If you’re in Security or IT operations and you find yourself in the middle of a cyber-security incident, you have a very important role to play. Response teams will likely be relying on you to collect the information they need to determine the source and extent of a breach. Following are some of the key points MWR’s Incident Response recommend internal teams cover when dealing with an incoming incident.
What data do I have to support response?
Identify sources of data that might be useful:
- Domain/Server logs
- Web proxy logs
- Email server logs
- Network flow data from firewalls, packet capture devices, etc
- Application logs (SAP, SharePoint, cloud services etc)
- VPN authentication logs
- Physical security logs (card access etc)
Determine where these are stored:
- On endpoints and appliances?
- Centrally aggregated (SIEM, etc.)?
- Combination of both?
What won’t I have tomorrow?
Logs and other potentially useful data captured from networks are transient, and may be lost as time passes or due to user actions. Are these:
- Check storage limitations, due to disk space or licensing
- Some data may be sent to aggregation point, but discarded due to configuration – review this.
Only present on endpoints or appliances?
- Check and increase log storage limits – you want to keep captured data as long as possible.
In both cases:
- Increase logging levels if possible – gather as much potentially useful data as is realistic.
- Determine an archiving strategy – this may involve periodic exports from SIEM or network appliances, or constant retrieval of local logs from server(s).
Where am I not looking?
Events related to an incident may show up in more than one data source. Move your focus beyond the point of detection / initial data source. For example:
Scenario: DLP detection of potentially malicious actions on endpoint
- Domain logs: Which accounts have been authenticating to the endpoint? Which other endpoints have these accounts been authenticating to? Authentications to other systems and services from this endpoint?

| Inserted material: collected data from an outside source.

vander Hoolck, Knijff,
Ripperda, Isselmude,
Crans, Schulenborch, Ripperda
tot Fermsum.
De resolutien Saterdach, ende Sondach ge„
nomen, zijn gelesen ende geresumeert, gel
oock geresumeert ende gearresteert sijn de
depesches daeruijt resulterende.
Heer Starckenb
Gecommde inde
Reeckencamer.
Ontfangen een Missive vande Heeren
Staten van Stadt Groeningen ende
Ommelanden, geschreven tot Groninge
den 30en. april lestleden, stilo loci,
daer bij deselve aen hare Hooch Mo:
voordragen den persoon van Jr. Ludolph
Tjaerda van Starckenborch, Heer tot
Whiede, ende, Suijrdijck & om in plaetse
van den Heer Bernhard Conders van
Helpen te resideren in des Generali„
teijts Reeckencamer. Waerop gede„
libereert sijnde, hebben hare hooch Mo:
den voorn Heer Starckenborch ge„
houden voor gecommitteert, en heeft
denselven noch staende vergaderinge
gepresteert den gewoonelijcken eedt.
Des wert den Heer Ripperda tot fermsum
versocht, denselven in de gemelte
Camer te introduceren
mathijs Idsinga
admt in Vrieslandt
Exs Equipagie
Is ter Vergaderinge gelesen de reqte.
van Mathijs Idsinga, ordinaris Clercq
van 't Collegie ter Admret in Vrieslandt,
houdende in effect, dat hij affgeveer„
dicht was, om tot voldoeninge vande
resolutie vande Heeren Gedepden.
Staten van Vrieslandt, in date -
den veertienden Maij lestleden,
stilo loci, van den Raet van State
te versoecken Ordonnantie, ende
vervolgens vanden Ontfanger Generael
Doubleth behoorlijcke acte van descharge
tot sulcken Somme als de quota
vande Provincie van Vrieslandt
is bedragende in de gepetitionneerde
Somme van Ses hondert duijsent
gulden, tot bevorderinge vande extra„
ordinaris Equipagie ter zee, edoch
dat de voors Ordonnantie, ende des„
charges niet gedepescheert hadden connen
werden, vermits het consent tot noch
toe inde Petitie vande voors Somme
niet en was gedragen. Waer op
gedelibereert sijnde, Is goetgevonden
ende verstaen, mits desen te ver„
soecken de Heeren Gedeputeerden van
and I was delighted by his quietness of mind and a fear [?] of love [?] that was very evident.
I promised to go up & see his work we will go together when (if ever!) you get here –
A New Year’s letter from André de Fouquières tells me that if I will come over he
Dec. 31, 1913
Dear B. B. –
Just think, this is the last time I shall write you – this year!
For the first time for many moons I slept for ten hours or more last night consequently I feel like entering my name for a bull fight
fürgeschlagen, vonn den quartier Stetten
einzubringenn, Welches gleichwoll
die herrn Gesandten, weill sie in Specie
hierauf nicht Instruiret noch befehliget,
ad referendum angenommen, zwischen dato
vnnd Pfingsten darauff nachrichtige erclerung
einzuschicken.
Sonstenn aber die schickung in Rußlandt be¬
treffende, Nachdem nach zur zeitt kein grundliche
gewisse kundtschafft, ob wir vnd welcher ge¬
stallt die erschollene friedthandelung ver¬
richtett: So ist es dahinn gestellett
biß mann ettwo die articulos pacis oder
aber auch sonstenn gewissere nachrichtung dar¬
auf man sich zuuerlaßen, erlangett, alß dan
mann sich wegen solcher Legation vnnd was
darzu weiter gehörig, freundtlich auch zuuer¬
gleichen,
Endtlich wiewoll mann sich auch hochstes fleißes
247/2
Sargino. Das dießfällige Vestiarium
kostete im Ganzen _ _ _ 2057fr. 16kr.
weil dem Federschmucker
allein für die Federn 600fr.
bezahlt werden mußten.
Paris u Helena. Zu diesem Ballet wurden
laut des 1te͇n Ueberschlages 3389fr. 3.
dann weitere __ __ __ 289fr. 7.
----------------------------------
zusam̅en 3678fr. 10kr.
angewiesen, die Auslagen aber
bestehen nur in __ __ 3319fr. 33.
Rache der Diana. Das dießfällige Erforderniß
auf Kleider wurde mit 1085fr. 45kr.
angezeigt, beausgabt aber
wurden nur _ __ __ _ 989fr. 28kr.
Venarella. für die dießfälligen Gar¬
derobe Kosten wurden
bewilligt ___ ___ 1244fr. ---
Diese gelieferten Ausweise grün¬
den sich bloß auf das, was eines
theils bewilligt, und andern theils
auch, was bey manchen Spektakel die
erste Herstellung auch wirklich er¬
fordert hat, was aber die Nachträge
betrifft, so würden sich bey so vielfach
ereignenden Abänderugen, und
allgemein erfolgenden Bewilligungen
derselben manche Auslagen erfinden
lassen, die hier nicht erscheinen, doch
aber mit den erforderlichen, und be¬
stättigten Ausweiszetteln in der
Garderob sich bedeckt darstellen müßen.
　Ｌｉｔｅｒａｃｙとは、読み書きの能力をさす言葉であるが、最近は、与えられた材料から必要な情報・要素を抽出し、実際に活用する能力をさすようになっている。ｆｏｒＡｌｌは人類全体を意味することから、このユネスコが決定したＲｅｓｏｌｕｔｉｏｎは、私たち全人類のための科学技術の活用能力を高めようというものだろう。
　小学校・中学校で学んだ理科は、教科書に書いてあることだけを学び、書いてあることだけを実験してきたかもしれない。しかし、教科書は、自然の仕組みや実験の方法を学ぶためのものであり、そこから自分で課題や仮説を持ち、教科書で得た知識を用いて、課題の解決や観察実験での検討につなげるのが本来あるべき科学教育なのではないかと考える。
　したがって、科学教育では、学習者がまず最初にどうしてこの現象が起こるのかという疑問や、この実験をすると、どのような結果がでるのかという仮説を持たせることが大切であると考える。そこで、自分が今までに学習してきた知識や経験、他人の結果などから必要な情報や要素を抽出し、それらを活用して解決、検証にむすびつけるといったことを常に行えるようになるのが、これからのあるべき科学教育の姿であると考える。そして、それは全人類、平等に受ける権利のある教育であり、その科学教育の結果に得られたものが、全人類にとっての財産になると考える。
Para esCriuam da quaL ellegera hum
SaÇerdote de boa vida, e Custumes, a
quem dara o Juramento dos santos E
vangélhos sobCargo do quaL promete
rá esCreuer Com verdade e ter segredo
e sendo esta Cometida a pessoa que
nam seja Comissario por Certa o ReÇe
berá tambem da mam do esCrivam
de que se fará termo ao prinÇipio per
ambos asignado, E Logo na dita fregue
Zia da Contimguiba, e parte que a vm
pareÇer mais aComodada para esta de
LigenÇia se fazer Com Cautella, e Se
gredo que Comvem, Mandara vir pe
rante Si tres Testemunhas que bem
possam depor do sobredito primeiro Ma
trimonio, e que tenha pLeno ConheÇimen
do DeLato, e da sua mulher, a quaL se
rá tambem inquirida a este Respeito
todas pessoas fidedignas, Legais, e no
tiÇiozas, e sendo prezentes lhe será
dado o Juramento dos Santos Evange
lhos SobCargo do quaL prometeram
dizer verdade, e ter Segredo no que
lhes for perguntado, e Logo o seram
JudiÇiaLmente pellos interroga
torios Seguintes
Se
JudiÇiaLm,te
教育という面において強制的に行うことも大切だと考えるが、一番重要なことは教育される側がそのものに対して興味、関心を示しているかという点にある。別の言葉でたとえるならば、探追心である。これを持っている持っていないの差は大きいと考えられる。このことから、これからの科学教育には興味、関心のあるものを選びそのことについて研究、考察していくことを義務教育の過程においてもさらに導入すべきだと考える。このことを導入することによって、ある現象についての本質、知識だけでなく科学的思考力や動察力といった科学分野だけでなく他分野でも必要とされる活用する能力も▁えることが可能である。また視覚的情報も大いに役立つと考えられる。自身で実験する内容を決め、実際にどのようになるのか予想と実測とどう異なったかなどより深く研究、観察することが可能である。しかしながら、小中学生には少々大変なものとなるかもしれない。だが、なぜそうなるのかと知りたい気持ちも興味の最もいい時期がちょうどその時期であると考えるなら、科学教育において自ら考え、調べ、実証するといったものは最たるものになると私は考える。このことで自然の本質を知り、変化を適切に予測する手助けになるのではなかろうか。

- Internal firewall logs: Network communication between suspect endpoint and other machines?
- AV logs: Any recent antivirus warnings or events?
- Proxy logs: What has this endpoint or user been contacting on the Internet? If there is anything unusual, is it used anywhere else?
Scenario: Compromised web application
- DMZ firewall: Anomalous connections from DMZ to rest of network?
- Domain logs: Unexpected sessions to other servers in DMZ?
- Outgoing proxy: Connections to Internet from within DMZ?
- NetFlow: Connections to other servers in DMZ?
Am I considering the consequences of each action?
Actions taken during an incident may affect the outcome in unexpected ways. Therefore:
- Keep communications related to the incident away from potentially compromised network – the attacker/s may be watching (includes email, collaboration platforms [SharePoint, Confluence, etc.], helpdesk ticketing systems, etc).
- Do not be tempted to “have a quick look”. Any actions risk changing and destroying artefacts valuable to an investigation.
- Refrain from switching off potentially infected endpoints, rather disconnect from the network. Memory contents may be valuable during the investigation.
- Don’t independently run malware scans, remove, relocate or upload malware to internet malware scanners. Let the response team know where new findings arise and advise on the best approach.
- Delayed responses allow more time for additional damage – quick reporting of incidents and response to them could be hugely beneficial.